Let A and B be similar matrices. Prove that there is a nice relationship between the eigenvectors of A and the eigenvectors of B
I suppose you could say that the relationship between the eigenvectors is that they share the same eigenvalue. If you're looking for how to prove that the eigenvalues are the same, I have written a short proof here:
det(A-xI)=det(inv(P)BP-xI)
=det(inv(P)BP-inv(P)xIP)
=det(inv(P)(B-xI)P)
=det(B-xI)
Thus, as the characteristic polynomials are the same, the eigenvalues are the same.
I've put a formatted version up: Maths homework help
If A and B are similar matrices, then there exist an invertible matrix P such that $\displaystyle A= P^{-1}BP$.
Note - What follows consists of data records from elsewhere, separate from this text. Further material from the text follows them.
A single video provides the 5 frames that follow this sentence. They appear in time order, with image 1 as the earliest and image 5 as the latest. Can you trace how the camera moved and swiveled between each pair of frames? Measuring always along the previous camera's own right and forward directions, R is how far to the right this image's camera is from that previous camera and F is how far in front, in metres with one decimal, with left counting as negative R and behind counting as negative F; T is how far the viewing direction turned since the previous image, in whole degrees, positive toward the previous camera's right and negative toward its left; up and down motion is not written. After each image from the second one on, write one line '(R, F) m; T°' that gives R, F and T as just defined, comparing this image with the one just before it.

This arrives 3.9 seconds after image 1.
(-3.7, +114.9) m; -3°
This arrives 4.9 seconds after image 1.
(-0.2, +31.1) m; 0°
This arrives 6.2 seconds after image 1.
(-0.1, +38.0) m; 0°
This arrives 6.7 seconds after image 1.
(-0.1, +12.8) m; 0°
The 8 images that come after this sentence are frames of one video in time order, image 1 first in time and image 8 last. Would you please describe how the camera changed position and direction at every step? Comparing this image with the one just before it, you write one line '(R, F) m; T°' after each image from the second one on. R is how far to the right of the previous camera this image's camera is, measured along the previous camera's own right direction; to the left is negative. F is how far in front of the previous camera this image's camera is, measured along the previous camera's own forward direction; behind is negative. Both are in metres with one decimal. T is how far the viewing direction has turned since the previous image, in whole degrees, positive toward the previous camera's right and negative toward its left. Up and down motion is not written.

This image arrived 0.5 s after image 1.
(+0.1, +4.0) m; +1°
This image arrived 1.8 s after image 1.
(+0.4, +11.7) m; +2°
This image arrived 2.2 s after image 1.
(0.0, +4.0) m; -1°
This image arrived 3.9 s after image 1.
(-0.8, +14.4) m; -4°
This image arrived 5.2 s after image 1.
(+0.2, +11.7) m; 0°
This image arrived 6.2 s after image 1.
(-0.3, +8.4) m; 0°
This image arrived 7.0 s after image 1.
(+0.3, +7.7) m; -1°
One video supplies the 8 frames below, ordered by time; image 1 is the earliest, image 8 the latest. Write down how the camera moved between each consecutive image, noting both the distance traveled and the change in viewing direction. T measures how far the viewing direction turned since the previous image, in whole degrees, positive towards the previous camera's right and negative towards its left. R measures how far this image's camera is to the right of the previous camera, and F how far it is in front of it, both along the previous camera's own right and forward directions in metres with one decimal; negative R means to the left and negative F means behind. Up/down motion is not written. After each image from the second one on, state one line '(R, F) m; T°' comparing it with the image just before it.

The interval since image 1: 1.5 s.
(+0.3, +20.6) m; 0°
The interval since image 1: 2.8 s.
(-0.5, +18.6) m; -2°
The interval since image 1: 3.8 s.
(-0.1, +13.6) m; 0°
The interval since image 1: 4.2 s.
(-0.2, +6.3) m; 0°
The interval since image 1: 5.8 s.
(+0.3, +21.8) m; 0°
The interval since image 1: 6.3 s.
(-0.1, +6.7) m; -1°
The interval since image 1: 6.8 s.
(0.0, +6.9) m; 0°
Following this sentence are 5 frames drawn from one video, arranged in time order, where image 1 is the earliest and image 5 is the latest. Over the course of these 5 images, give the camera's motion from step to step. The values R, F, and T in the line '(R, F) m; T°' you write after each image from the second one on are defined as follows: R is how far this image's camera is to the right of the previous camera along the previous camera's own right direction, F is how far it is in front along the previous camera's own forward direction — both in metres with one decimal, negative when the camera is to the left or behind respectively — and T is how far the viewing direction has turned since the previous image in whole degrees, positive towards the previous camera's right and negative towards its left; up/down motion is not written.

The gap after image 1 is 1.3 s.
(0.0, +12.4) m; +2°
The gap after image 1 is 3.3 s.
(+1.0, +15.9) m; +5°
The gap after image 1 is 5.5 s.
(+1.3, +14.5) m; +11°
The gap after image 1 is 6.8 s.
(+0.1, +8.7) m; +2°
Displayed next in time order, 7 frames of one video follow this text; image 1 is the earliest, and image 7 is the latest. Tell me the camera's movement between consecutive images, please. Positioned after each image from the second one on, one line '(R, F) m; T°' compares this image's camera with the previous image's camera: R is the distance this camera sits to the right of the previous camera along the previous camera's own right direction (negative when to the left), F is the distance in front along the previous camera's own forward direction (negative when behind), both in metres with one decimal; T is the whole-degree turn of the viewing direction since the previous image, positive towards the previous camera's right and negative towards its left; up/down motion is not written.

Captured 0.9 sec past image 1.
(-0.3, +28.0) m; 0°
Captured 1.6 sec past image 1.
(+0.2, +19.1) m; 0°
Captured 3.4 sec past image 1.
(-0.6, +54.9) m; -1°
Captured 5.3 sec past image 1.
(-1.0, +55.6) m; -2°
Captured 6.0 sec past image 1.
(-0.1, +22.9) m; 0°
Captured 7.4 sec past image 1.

Let v be an eigenvector of A corresponding to eigenvalue $\displaystyle \lambda$. Then $\displaystyle Av= (P^{-1}BP)v= \lambda v$. Multiplying on both sides by P, $\displaystyle (BP)v= P\lambda v$ so $\displaystyle B(PV)= \lambda (PV)$.
That is, if v is an eigenvalue of A corresponding to eigenvalue $\displaystyle \lambda$ then Pv is an eigenvalue of B also corresponding to eigenvalue $\displaystyle \lambda$.
Of course, we can think of P as a "change of basis" matrix. That is, A and B represent the same linear transformation, written in different bases. The eigenvectors of A and B are representations of the same vector, written in different bases.